# Forum Home Renovation Stairs, Steps and Ramps  slippery stair treads

## baileyboy

Hi,
I'm looking for a product that would make my stair steps less slippery. They are made from rougher header pine (with grooves). I'm considering using a stair step strip (which I believe is either glued or screwed onto the step). But I'm 100% sold on its looks. I rather have something that is like paint but not slippery. Anyone has any ideas? I'm considering putting sand in paint but the missus reckon that sounds like a stupid idea. 
Ideas?

----------


## Uncle Bob

Hi,
There's a non slip product that's clear and works well. I can't remember it's name but the staff at your local hardware or paint shop will know.

----------


## cyclic

> Hi,
> I'm looking for a product that would make my stair steps less slippery. They are made from rougher header pine (with grooves). I'm considering using a stair step strip (which I believe is either glued or screwed onto the step). But I'm 100% sold on its looks. I rather have something that is like paint but not slippery. Anyone has any ideas? I'm considering putting sand in paint but the missus reckon that sounds like a stupid idea. 
> Ideas?

  I've used the old sand trick before.
Apply a heavy coat of paint on the treads then cover the wet paint with washed plaster sand. 
The sand must of course be dry. 
Trowl the sand into the paint with a concretors wood float for more effect.
When the paint is properly dry, broom or vac off the excess.

----------


## woodchip

I got this stuff from the green shed on the specials trolley for under $40. Used about one third of the 4lt tin for two good coats on about 16 treads.
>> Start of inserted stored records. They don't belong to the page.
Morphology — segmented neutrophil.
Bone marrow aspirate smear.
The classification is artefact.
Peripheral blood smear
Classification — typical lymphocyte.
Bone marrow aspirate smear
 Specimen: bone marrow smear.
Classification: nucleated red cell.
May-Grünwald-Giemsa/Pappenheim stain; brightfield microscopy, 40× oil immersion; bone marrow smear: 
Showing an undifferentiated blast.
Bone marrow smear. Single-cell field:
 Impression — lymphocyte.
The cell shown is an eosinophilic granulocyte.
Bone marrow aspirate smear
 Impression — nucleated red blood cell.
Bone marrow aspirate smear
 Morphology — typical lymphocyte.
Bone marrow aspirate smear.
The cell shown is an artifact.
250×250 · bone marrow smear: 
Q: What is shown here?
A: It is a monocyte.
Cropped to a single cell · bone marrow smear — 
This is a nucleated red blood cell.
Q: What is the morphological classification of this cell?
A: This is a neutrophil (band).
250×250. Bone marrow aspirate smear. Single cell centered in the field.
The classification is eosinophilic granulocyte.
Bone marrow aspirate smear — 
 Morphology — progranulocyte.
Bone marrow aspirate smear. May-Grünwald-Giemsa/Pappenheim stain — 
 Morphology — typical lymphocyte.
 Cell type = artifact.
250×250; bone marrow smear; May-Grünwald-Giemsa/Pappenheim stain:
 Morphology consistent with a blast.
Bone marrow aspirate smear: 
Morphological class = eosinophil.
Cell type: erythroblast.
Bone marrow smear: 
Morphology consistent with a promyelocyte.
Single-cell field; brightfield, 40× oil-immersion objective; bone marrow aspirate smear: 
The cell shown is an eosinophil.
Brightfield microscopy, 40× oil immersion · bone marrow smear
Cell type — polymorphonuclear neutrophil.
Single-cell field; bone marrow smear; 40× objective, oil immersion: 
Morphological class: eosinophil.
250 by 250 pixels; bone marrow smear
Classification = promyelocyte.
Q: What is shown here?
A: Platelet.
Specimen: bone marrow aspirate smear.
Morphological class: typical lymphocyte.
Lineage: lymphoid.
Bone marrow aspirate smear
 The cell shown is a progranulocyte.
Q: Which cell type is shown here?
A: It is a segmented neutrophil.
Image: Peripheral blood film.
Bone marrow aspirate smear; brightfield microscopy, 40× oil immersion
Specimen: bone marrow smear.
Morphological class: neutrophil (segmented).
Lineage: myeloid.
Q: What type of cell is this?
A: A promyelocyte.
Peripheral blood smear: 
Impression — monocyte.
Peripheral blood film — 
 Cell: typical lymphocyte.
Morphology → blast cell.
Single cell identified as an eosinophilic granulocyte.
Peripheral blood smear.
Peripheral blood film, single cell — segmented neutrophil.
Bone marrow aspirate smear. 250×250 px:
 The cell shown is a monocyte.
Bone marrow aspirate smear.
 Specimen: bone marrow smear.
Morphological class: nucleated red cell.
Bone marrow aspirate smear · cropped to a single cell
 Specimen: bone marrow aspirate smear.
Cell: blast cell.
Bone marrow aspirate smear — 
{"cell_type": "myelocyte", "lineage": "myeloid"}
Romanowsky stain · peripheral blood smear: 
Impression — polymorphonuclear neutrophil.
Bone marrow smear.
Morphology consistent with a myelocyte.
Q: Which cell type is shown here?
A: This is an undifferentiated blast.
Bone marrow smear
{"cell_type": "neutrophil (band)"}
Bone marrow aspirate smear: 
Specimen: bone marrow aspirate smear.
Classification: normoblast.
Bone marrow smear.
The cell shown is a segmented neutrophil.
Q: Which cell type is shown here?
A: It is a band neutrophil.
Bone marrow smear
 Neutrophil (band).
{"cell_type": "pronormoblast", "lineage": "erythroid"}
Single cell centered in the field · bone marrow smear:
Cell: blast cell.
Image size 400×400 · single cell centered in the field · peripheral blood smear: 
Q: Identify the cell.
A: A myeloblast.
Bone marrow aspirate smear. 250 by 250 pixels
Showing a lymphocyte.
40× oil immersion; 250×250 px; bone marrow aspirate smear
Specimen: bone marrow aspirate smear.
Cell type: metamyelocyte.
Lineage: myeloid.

Its like a PVA glue with the sand/grit in it & it stuck well, cheers

----------


## barney118

It looks like a roll of sandpaper, self adhesive, may have an issue with rougher treads and not sticking. $30 a roll I payed  
Otherwise you could use glass particles from a concrete shop used when you seal concrete but don't know how you bind to your wood.

----------


## Uncle Bob

> I got this stuff from the green shed on the specials trolley for under $40. Used about one third of the 4lt tin for two good coats on about 16 treads. Its like a PVA glue with the sand/grit in it & it stuck well, cheers

  Yep, that's the one I used on my front step tiles after doing some cartwheels on a rainy day and nearly broke my neck.

----------


## baileyboy

Thanks guys,
I will probably try the sand trick. Just a bit concerns with the tape not sticking to the grooves. 
Will let ya all know how it go.

----------


## Uncle Bob

> Thanks guys,
> I will probably try the sand trick. Just a bit concerns with the tape not sticking to the grooves. 
> Will let ya all know how it go.

  Seriously, the Anti slip paint works great.

----------


## cyclic

> Seriously, the Anti slip paint works great.

  A bucket of washed plaster sand from the local Landscape Supplies is only $2.00

----------